In the records below, pick out all lines containing the word "VECTOR".
***** INFORMATION SHOWN *****
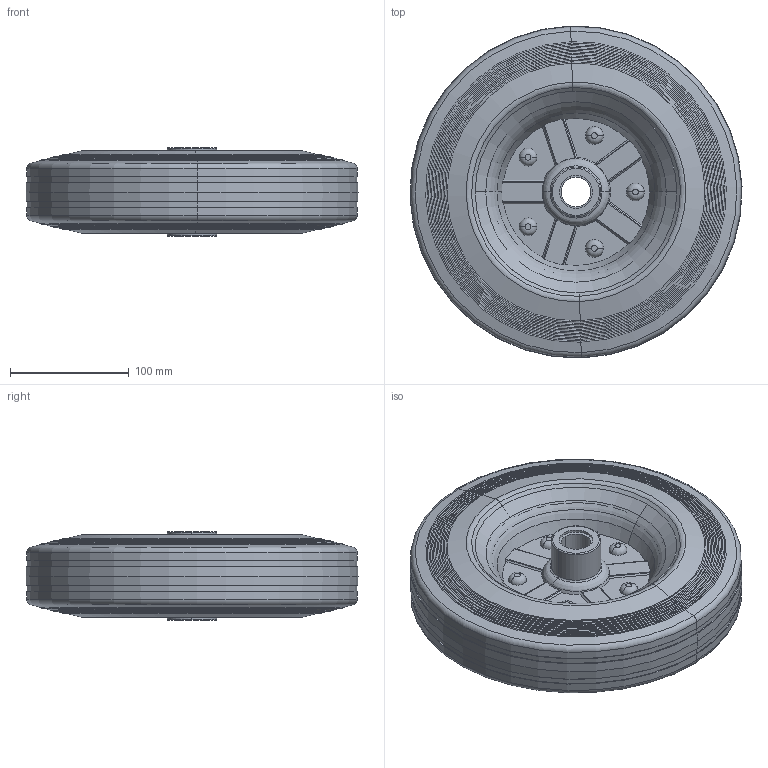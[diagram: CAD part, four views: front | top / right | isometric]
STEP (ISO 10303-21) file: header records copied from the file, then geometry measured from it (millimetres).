
FILE_DESCRIPTION (( 'STEP AP214' ), '1' );
FILE_NAME ('0013325.step', '2023-01-05T09:32:57', ( '' ), ( '' ), 'SwSTEP 2.0', 'SolidWorks 2020', '' );
FILE_SCHEMA (( 'AUTOMOTIVE_DESIGN' ));
Length unit declared in the file: millimetre
Products named in the file (1): 0013325
Bounding box: 279.85 x 279.85 x 75 mm (x, y, z)
Volume: 2821242.6 mm3; surface area: 291368.7 mm2
Topology: 3 solids, 3 shells, 264 faces, 602 edges, 358 vertices
Faces by surface type: torus 80, cone 76, plane 70, cylinder 38
Entity records: 10516 total; most frequent: CARTESIAN_POINT 1565, DIRECTION 1386, ORIENTED_EDGE 1204, AXIS2_PLACEMENT_3D 611, EDGE_CURVE 602, VERTEX_POINT 358, CIRCLE 346, EDGE_LOOP 284
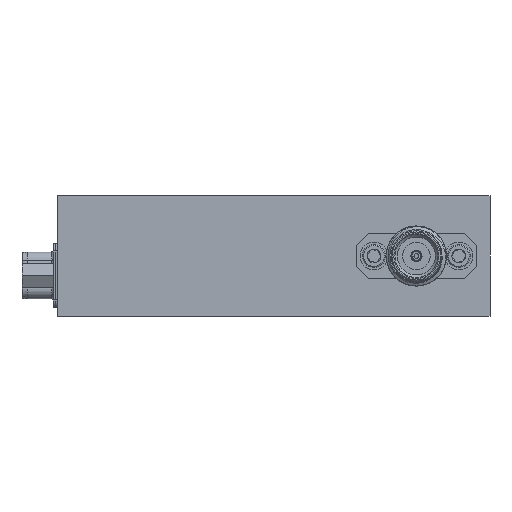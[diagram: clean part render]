
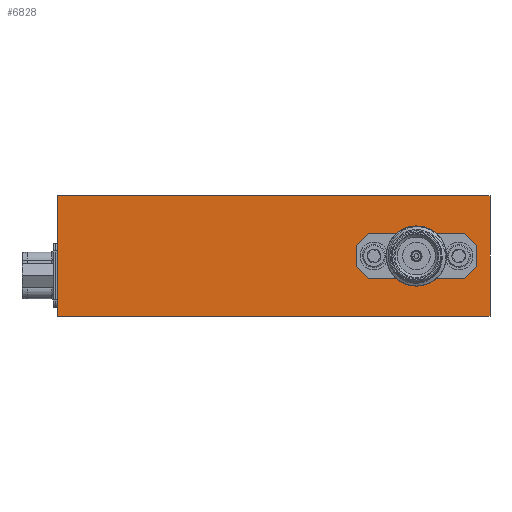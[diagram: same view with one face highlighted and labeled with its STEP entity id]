
A CAD part, left-side view. The second image highlights one B-rep face of the part: STEP entity #6828.
In plain terms, the highlighted planar face has unit normal (-1, 0, 0).
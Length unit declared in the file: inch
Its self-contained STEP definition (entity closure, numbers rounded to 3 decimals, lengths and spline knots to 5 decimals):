
#69 = VERTEX_POINT ( 'NONE', #20730 ) ;
#540 = CARTESIAN_POINT ( 'NONE',  ( -1., -0.39354, 0.095 ) ) ;
#697 = EDGE_CURVE ( 'NONE', #15220, #8560, #12032, .T. ) ;
#847 = VECTOR ( 'NONE', #7272, 39.37008 ) ;
#925 = DIRECTION ( 'NONE',  ( 0., 0., 1. ) ) ;
#1059 = EDGE_LOOP ( 'NONE', ( #2754, #12375, #16626, #21781, #13211, #7897, #10874, #13188 ) ) ;
#1148 = VERTEX_POINT ( 'NONE', #1475 ) ;
#1457 = VERTEX_POINT ( 'NONE', #540 ) ;
#1475 = CARTESIAN_POINT ( 'NONE',  ( -1., 0.9, -0.25 ) ) ;
#2202 = LINE ( 'NONE', #12179, #8874 ) ;
#2284 = VERTEX_POINT ( 'NONE', #12524 ) ;
#2315 = LINE ( 'NONE', #2927, #19716 ) ;
#2522 = EDGE_CURVE ( 'NONE', #69, #11820, #2717, .T. ) ;
#2717 = LINE ( 'NONE', #17326, #18784 ) ;
#2754 = ORIENTED_EDGE ( 'NONE', *, *, #5174, .F. ) ;
#2860 = CARTESIAN_POINT ( 'NONE',  ( -1., -0.84354, -0.045 ) ) ;
#2927 = CARTESIAN_POINT ( 'NONE',  ( -1., -0.34354, -0.095 ) ) ;
#3422 = CARTESIAN_POINT ( 'NONE',  ( -1., -0.9, -0.25 ) ) ;
#3691 = CARTESIAN_POINT ( 'NONE',  ( -1., -0.79354, 0.095 ) ) ;
#3865 = PLANE ( 'NONE',  #11151 ) ;
#4906 = ORIENTED_EDGE ( 'NONE', *, *, #19315, .T. ) ;
#5174 = EDGE_CURVE ( 'NONE', #2284, #17546, #9798, .T. ) ;
#5465 = EDGE_CURVE ( 'NONE', #12474, #69, #6366, .T. ) ;
#5939 = CARTESIAN_POINT ( 'NONE',  ( -1., 0.9, 0.25 ) ) ;
#6366 = LINE ( 'NONE', #16251, #17896 ) ;
#6419 = LINE ( 'NONE', #13484, #15563 ) ;
#6443 = CARTESIAN_POINT ( 'NONE',  ( -1., -0.34354, 0.095 ) ) ;
#6545 = VECTOR ( 'NONE', #925, 39.37008 ) ;
#6828 = ADVANCED_FACE ( 'NONE', ( #17082, #20245 ), #3865, .F. ) ;
#6994 = VECTOR ( 'NONE', #7502, 39.37008 ) ;
#7026 = VERTEX_POINT ( 'NONE', #7951 ) ;
#7149 = DIRECTION ( 'NONE',  ( 0., 0., -1. ) ) ;
#7270 = CARTESIAN_POINT ( 'NONE',  ( -1., -0.9, 0.25 ) ) ;
#7272 = DIRECTION ( 'NONE',  ( 0., 0.707, 0.707 ) ) ;
#7502 = DIRECTION ( 'NONE',  ( 0., -1., 0. ) ) ;
#7622 = CARTESIAN_POINT ( 'NONE',  ( -1., -0.44604, 0.1475 ) ) ;
#7853 = CARTESIAN_POINT ( 'NONE',  ( -1., -0.84354, 0.045 ) ) ;
#7897 = ORIENTED_EDGE ( 'NONE', *, *, #13239, .T. ) ;
#7951 = CARTESIAN_POINT ( 'NONE',  ( -1., -0.39354, -0.095 ) ) ;
#8560 = VERTEX_POINT ( 'NONE', #7853 ) ;
#8662 = VECTOR ( 'NONE', #9611, 39.37008 ) ;
#8776 = DIRECTION ( 'NONE',  ( 0., -0.707, -0.707 ) ) ;
#8874 = VECTOR ( 'NONE', #8776, 39.37008 ) ;
#9414 = CARTESIAN_POINT ( 'NONE',  ( -1., -0.79354, -0.095 ) ) ;
#9611 = DIRECTION ( 'NONE',  ( 0., 0.707, -0.707 ) ) ;
#9763 = EDGE_LOOP ( 'NONE', ( #4906, #10364, #14522, #18943 ) ) ;
#9798 = LINE ( 'NONE', #20386, #19749 ) ;
#10178 = LINE ( 'NONE', #6443, #12499 ) ;
#10364 = ORIENTED_EDGE ( 'NONE', *, *, #2522, .F. ) ;
#10507 = VECTOR ( 'NONE', #21035, 39.37008 ) ;
#10874 = ORIENTED_EDGE ( 'NONE', *, *, #12144, .F. ) ;
#11151 = AXIS2_PLACEMENT_3D ( 'NONE', #7270, #19003, #12106 ) ;
#11322 = DIRECTION ( 'NONE',  ( 0., -1., 0. ) ) ;
#11692 = CARTESIAN_POINT ( 'NONE',  ( -1., -0.34354, -0.045 ) ) ;
#11820 = VERTEX_POINT ( 'NONE', #3422 ) ;
#12032 = LINE ( 'NONE', #21078, #6545 ) ;
#12106 = DIRECTION ( 'NONE',  ( 0., 0., -1. ) ) ;
#12144 = EDGE_CURVE ( 'NONE', #7026, #18429, #2315, .T. ) ;
#12179 = CARTESIAN_POINT ( 'NONE',  ( -1., -0.74104, 0.1475 ) ) ;
#12241 = LINE ( 'NONE', #14023, #847 ) ;
#12375 = ORIENTED_EDGE ( 'NONE', *, *, #15071, .T. ) ;
#12474 = VERTEX_POINT ( 'NONE', #5939 ) ;
#12499 = VECTOR ( 'NONE', #13236, 39.37008 ) ;
#12524 = CARTESIAN_POINT ( 'NONE',  ( -1., -0.34354, 0.045 ) ) ;
#13188 = ORIENTED_EDGE ( 'NONE', *, *, #17633, .T. ) ;
#13211 = ORIENTED_EDGE ( 'NONE', *, *, #697, .F. ) ;
#13236 = DIRECTION ( 'NONE',  ( 0., 1., 0. ) ) ;
#13239 = EDGE_CURVE ( 'NONE', #15220, #18429, #15448, .T. ) ;
#13278 = LINE ( 'NONE', #17527, #6994 ) ;
#13484 = CARTESIAN_POINT ( 'NONE',  ( -1., 0.9, 0.25 ) ) ;
#14023 = CARTESIAN_POINT ( 'NONE',  ( -1., -0.44604, -0.1475 ) ) ;
#14522 = ORIENTED_EDGE ( 'NONE', *, *, #5465, .F. ) ;
#15071 = EDGE_CURVE ( 'NONE', #2284, #1457, #17571, .T. ) ;
#15220 = VERTEX_POINT ( 'NONE', #2860 ) ;
#15448 = LINE ( 'NONE', #15938, #8662 ) ;
#15563 = VECTOR ( 'NONE', #20177, 39.37008 ) ;
#15938 = CARTESIAN_POINT ( 'NONE',  ( -1., -0.74104, -0.1475 ) ) ;
#16251 = CARTESIAN_POINT ( 'NONE',  ( -1., -0.9, 0.25 ) ) ;
#16320 = DIRECTION ( 'NONE',  ( 0., -1., 0. ) ) ;
#16626 = ORIENTED_EDGE ( 'NONE', *, *, #16956, .F. ) ;
#16956 = EDGE_CURVE ( 'NONE', #20852, #1457, #10178, .T. ) ;
#17082 = FACE_BOUND ( 'NONE', #1059, .T. ) ;
#17326 = CARTESIAN_POINT ( 'NONE',  ( -1., -0.9, 0.25 ) ) ;
#17527 = CARTESIAN_POINT ( 'NONE',  ( -1., -0.9, -0.25 ) ) ;
#17546 = VERTEX_POINT ( 'NONE', #11692 ) ;
#17571 = LINE ( 'NONE', #7622, #10507 ) ;
#17633 = EDGE_CURVE ( 'NONE', #7026, #17546, #12241, .T. ) ;
#17731 = EDGE_CURVE ( 'NONE', #20852, #8560, #2202, .T. ) ;
#17896 = VECTOR ( 'NONE', #16320, 39.37008 ) ;
#18429 = VERTEX_POINT ( 'NONE', #9414 ) ;
#18784 = VECTOR ( 'NONE', #7149, 39.37008 ) ;
#18943 = ORIENTED_EDGE ( 'NONE', *, *, #21451, .T. ) ;
#19003 = DIRECTION ( 'NONE',  ( 1., 0., 0. ) ) ;
#19315 = EDGE_CURVE ( 'NONE', #1148, #11820, #13278, .T. ) ;
#19716 = VECTOR ( 'NONE', #11322, 39.37008 ) ;
#19749 = VECTOR ( 'NONE', #20175, 39.37008 ) ;
#20175 = DIRECTION ( 'NONE',  ( 0., 0., -1. ) ) ;
#20177 = DIRECTION ( 'NONE',  ( 0., 0., -1. ) ) ;
#20245 = FACE_OUTER_BOUND ( 'NONE', #9763, .T. ) ;
#20386 = CARTESIAN_POINT ( 'NONE',  ( -1., -0.34354, -0.095 ) ) ;
#20730 = CARTESIAN_POINT ( 'NONE',  ( -1., -0.9, 0.25 ) ) ;
#20852 = VERTEX_POINT ( 'NONE', #3691 ) ;
#21035 = DIRECTION ( 'NONE',  ( 0., -0.707, 0.707 ) ) ;
#21078 = CARTESIAN_POINT ( 'NONE',  ( -1., -0.84354, -0.095 ) ) ;
#21451 = EDGE_CURVE ( 'NONE', #12474, #1148, #6419, .T. ) ;
#21781 = ORIENTED_EDGE ( 'NONE', *, *, #17731, .T. ) ;
*****
▸ **RESULT FOR THIS EXERCISE**
#847 = VECTOR ( 'NONE', #7272, 39.37008 ) ;
#6545 = VECTOR ( 'NONE', #925, 39.37008 ) ;
#6994 = VECTOR ( 'NONE', #7502, 39.37008 ) ;
#8662 = VECTOR ( 'NONE', #9611, 39.37008 ) ;
#8874 = VECTOR ( 'NONE', #8776, 39.37008 ) ;
#10507 = VECTOR ( 'NONE', #21035, 39.37008 ) ;
#12499 = VECTOR ( 'NONE', #13236, 39.37008 ) ;
#15563 = VECTOR ( 'NONE', #20177, 39.37008 ) ;
#17896 = VECTOR ( 'NONE', #16320, 39.37008 ) ;
#18784 = VECTOR ( 'NONE', #7149, 39.37008 ) ;
#19716 = VECTOR ( 'NONE', #11322, 39.37008 ) ;
#19749 = VECTOR ( 'NONE', #20175, 39.37008 ) ;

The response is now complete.